Data items
%%
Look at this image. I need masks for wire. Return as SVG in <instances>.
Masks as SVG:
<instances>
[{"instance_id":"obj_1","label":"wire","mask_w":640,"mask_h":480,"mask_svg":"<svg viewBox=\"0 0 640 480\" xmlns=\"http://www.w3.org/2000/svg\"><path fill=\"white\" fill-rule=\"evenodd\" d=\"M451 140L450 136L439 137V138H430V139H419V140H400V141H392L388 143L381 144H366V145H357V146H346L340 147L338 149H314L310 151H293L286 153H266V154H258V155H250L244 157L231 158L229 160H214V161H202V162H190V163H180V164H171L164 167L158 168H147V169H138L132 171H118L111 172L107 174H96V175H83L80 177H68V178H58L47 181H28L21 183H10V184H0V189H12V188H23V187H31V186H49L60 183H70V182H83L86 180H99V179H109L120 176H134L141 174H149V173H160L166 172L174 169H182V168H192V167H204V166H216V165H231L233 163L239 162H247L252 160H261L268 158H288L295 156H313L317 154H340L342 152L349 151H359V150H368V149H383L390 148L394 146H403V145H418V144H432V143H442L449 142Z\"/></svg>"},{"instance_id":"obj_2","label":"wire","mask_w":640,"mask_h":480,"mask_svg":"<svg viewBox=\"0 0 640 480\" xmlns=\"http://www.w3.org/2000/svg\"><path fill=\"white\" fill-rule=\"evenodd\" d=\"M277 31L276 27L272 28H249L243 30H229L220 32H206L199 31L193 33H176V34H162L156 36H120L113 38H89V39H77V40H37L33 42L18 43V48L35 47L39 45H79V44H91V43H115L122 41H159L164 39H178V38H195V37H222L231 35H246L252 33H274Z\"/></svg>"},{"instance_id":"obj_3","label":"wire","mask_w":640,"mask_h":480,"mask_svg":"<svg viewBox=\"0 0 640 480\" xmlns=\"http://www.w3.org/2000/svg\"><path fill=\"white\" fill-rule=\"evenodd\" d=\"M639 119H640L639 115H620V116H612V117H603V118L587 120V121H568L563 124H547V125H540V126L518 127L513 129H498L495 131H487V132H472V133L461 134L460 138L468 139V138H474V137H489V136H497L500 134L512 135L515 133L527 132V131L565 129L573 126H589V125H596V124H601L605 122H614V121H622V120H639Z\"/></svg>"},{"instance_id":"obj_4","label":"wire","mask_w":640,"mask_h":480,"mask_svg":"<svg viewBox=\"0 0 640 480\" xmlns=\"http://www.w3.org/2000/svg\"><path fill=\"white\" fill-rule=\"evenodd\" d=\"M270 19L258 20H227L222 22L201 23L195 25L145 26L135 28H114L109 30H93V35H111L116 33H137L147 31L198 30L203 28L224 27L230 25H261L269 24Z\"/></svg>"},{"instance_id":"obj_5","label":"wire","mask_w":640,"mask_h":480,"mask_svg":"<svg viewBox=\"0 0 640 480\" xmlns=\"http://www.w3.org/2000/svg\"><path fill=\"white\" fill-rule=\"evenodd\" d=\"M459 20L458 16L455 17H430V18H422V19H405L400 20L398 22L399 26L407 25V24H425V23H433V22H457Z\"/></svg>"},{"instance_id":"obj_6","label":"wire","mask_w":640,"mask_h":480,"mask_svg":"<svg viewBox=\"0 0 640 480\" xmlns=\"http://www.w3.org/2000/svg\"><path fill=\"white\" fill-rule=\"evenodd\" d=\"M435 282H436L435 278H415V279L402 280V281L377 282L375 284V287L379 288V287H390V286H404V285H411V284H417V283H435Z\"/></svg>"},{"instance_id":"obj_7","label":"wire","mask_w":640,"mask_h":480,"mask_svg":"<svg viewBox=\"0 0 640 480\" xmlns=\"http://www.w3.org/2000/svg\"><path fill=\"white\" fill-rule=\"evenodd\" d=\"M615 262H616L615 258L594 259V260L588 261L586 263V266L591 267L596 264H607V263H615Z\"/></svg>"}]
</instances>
%%
WORK TO BE COMPLETED: Without omitting anything, reproduce the whole of the data.

YOUR SOLUTION:
Look at this image. I need masks for wire. Return as SVG in <instances>.
Masks as SVG:
<instances>
[{"instance_id":"obj_1","label":"wire","mask_w":640,"mask_h":480,"mask_svg":"<svg viewBox=\"0 0 640 480\" xmlns=\"http://www.w3.org/2000/svg\"><path fill=\"white\" fill-rule=\"evenodd\" d=\"M451 140L450 136L439 137V138H430V139H419V140H400V141H392L388 143L381 144H366V145H357V146H346L340 147L338 149H314L310 151H293L286 153H266V154H258V155H250L244 157L231 158L229 160H214V161H202V162H190V163H180V164H171L164 167L158 168H147V169H138L132 171H118L111 172L107 174H96V175H83L80 177H68V178H58L47 181H28L21 183H10V184H0V189H12V188H23V187H31V186H49L60 183H70V182H83L86 180H99V179H109L120 176H134L141 174H149V173H160L166 172L174 169H182V168H192V167H204V166H216V165H231L233 163L239 162H247L252 160H261L268 158H288L295 156H313L317 154H340L342 152L349 151H359V150H368V149H383L390 148L394 146H403V145H418V144H432V143H442L449 142Z\"/></svg>"},{"instance_id":"obj_2","label":"wire","mask_w":640,"mask_h":480,"mask_svg":"<svg viewBox=\"0 0 640 480\" xmlns=\"http://www.w3.org/2000/svg\"><path fill=\"white\" fill-rule=\"evenodd\" d=\"M277 31L276 27L272 28H249L243 30H229L220 32H206L199 31L193 33H176V34H162L156 36H120L113 38H89V39H77V40H37L33 42L18 43V48L35 47L39 45H79V44H91V43H115L122 41H159L164 39H178V38H195V37H222L231 35H246L252 33H274Z\"/></svg>"},{"instance_id":"obj_3","label":"wire","mask_w":640,"mask_h":480,"mask_svg":"<svg viewBox=\"0 0 640 480\" xmlns=\"http://www.w3.org/2000/svg\"><path fill=\"white\" fill-rule=\"evenodd\" d=\"M639 119H640L639 115H620V116H612V117H603V118L587 120V121H568L563 124H547V125H540V126L518 127L513 129H498L495 131H487V132H472V133L461 134L460 138L468 139V138H474V137H489V136H497L500 134L512 135L515 133L527 132V131L565 129L573 126H589V125H596V124H601L605 122H614V121H622V120H639Z\"/></svg>"},{"instance_id":"obj_4","label":"wire","mask_w":640,"mask_h":480,"mask_svg":"<svg viewBox=\"0 0 640 480\" xmlns=\"http://www.w3.org/2000/svg\"><path fill=\"white\" fill-rule=\"evenodd\" d=\"M270 19L258 20H227L222 22L201 23L195 25L145 26L135 28H114L109 30H93V35H111L116 33H137L147 31L198 30L203 28L224 27L230 25H261L269 24Z\"/></svg>"},{"instance_id":"obj_5","label":"wire","mask_w":640,"mask_h":480,"mask_svg":"<svg viewBox=\"0 0 640 480\" xmlns=\"http://www.w3.org/2000/svg\"><path fill=\"white\" fill-rule=\"evenodd\" d=\"M459 20L458 16L455 17H430V18H422V19H405L400 20L398 22L399 26L407 25V24H425V23H433V22H457Z\"/></svg>"},{"instance_id":"obj_6","label":"wire","mask_w":640,"mask_h":480,"mask_svg":"<svg viewBox=\"0 0 640 480\" xmlns=\"http://www.w3.org/2000/svg\"><path fill=\"white\" fill-rule=\"evenodd\" d=\"M435 282H436L435 278H415V279L402 280V281L377 282L375 284V287L379 288V287H390V286H404V285H411V284H417V283H435Z\"/></svg>"},{"instance_id":"obj_7","label":"wire","mask_w":640,"mask_h":480,"mask_svg":"<svg viewBox=\"0 0 640 480\" xmlns=\"http://www.w3.org/2000/svg\"><path fill=\"white\" fill-rule=\"evenodd\" d=\"M615 262H616L615 258L594 259V260L588 261L586 263V266L591 267L596 264H607V263H615Z\"/></svg>"}]
</instances>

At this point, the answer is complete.